Civil Society and Philanthropy in a New Arab World
Wealth creation in the Arab world has accelerated in recent years, and though it's still fueled in large part by oil, the region has undergone significant economic diversification, with Arab companies having become competitive in fields like telecommunications, transportation, and construction. At the same time, problems such as youth unemployment, poverty, nonexistent social services, and environmental degradation are being exacerbated by demographic pressures.
Too often, in this part of the world, economic development has been controlled by the government, leaving little room for private solutions to socioeconomic problems and stifling the development of a vigorous civil society. In Egypt, this is exemplified by what has happened to waqf institutions -- a form of endowment used for community benefit that dates back to the early days of Islam. These endowments traditionally had been privately held, but after being formally nationalized in the mid-twentieth century under the aegis of the Ministry of Awqaf, they increasingly were seen as a tool of the state. While some space has opened recently for the philanthropic sector to contribute to the “social good,” that change has come slowly.

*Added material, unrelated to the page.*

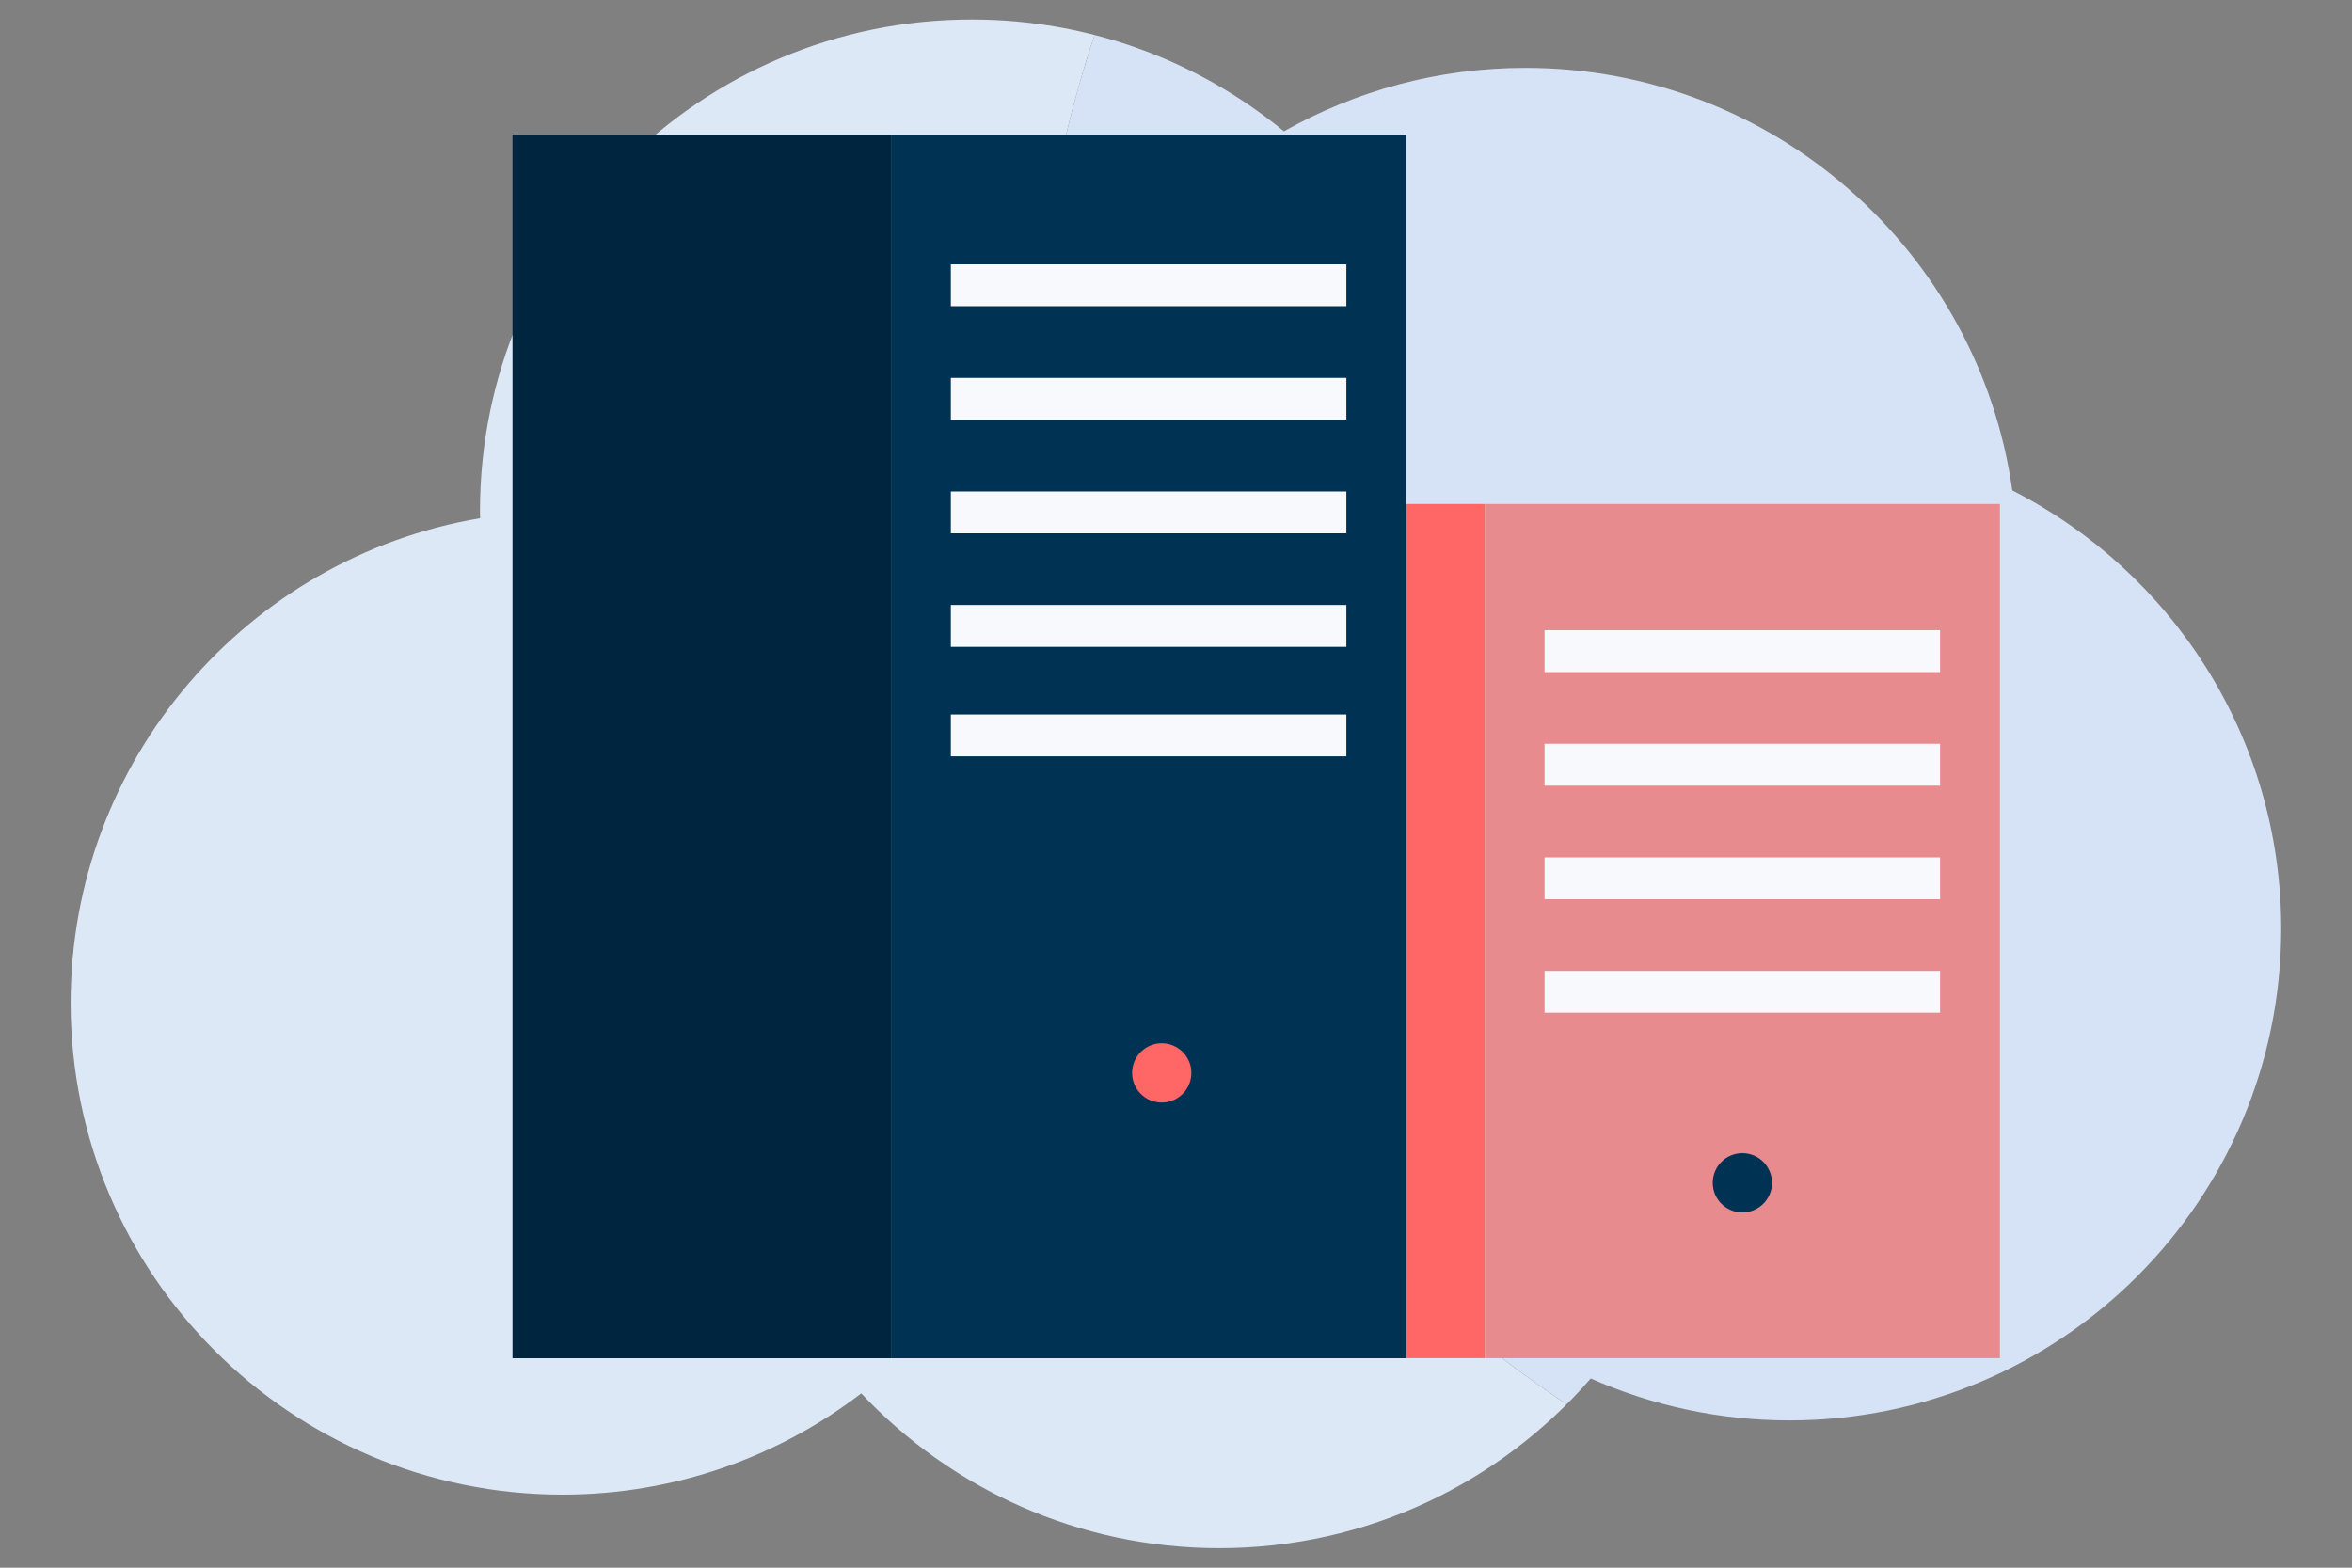 <?xml version="1.0" encoding="UTF-8"?><svg id="Layer_1" xmlns="http://www.w3.org/2000/svg" xmlns:xlink="http://www.w3.org/1999/xlink" viewBox="0 0 300 200"><rect x="0" y="0" width="300" height="200" fill="#808080" stroke="none"/><defs><style>.cls-1{fill:none;}.cls-2{clip-path:url(#clippath);}.cls-3{fill:#f7f9fc;}.cls-4{fill:#003253;}.cls-5{fill:#00253e;}.cls-6{fill:#e88b8f;}.cls-7{fill:#f66;}.cls-8{fill:#dde8f6;}.cls-9{fill:#d6e2f5;}</style><clipPath id="clippath"><path class="cls-1" d="m256.67,62.56c-4.29-30.46-30.45-53.9-62.1-53.9-11.2,0-21.7,2.95-30.8,8.09-10.83-8.91-24.7-14.26-39.82-14.26-34.64,0-62.73,28.08-62.73,62.73,0,.3.02.59.02.89-29.64,5-52.23,30.77-52.23,61.84,0,34.64,28.08,62.73,62.73,62.73,14.34,0,27.55-4.82,38.11-12.92,11.44,12.15,27.66,19.75,45.67,19.75,18.93,0,35.88-8.39,47.38-21.65,7.75,3.43,16.32,5.35,25.34,5.35,34.64,0,62.73-28.08,62.73-62.73,0-24.41-13.95-45.55-34.31-55.92Z"/></clipPath></defs><g class="cls-2"><path class="cls-8" d="m131.86,52.49c0-18.47,3.3-36.18,9.33-52.55H0v200.12h247.35c-66.31-16.35-115.49-76.21-115.49-147.56Z"/><path class="cls-9" d="m141.2-.06c-6.04,16.38-9.33,34.08-9.33,52.55,0,71.36,49.18,131.22,115.49,147.56h52.65V-.06h-158.8Z"/><rect class="cls-7" x="179.36" y="64.3" width="10.02" height="108.97"/><rect class="cls-6" x="189.38" y="64.3" width="65.71" height="108.97"/><rect class="cls-3" x="197.01" y="80.4" width="50.45" height="5.34"/><rect class="cls-3" x="197.01" y="94.89" width="50.45" height="5.34"/><rect class="cls-3" x="197.01" y="109.38" width="50.45" height="5.34"/><rect class="cls-3" x="197.01" y="123.86" width="50.45" height="5.34"/><circle class="cls-4" cx="222.24" cy="150.9" r="3.78"/></g><rect class="cls-5" x="65.37" y="17.18" width="48.28" height="156.1"/><rect class="cls-4" x="113.65" y="17.18" width="65.71" height="156.1"/><rect class="cls-3" x="121.28" y="33.72" width="50.45" height="5.34"/><rect class="cls-3" x="121.28" y="48.21" width="50.45" height="5.34"/><rect class="cls-3" x="121.28" y="62.7" width="50.45" height="5.34"/><rect class="cls-3" x="121.28" y="77.18" width="50.45" height="5.34"/><rect class="cls-3" x="121.28" y="91.15" width="50.45" height="5.34"/><circle class="cls-7" cx="148.18" cy="136.88" r="3.78"/></svg>

It should be noted that Egypt did embark on a transition toward economic liberalization in the 1970s and greater privatization of the economy in the 1990s, but state institutions in fields such as education and health have been underfunded and overwhelmed by the country’s rapidly growing population. Government regulations also have made it difficult for civil society organizations to fill the gap. When they have been given space to operate, however, there has been considerable progress in moving from traditional forms of religious-based charity to a more strategic philanthropy that seeks to address the root causes of social problems.
My previous post talked about the restrictions put on nonprofits and foundations in Egypt, and a similar situation exists to varying degrees throughout much of the region. Despite this, the philanthropic sector in this part of the world continues its steady development. The hope now is that restrictions will be lifted -- which could happen rapidly -- and that a wave of new, eager civil society organizations and foundations will be empowered to work on the many social and economic problems that hamper development in Arab countries. Such an expansion would, of course, present its own challenges -- any rapidly growing field is bound to experience a steep learning curve -- but the sector has demonstrated considerable adaptability in the face of a difficult operating environment.
Among other things, the easing of economic control by the state would allow governments in the region to begin working as a partner with the private sector, rather than treating it as a potential enemy. In an ideal scenario, we might see two important changes. First, restrictive laws and excessive government oversight would be eased to allow nonprofits and foundations to operate more freely. Second, a transition away from government institutions that are underfunded, corrupt, or inefficient and toward a more vibrant civil society and charitable and philanthropic sectors. In tandem, these developments would begin to fill longstanding gaps in social services in the region and help fuel the social and economic development it so desperately needs.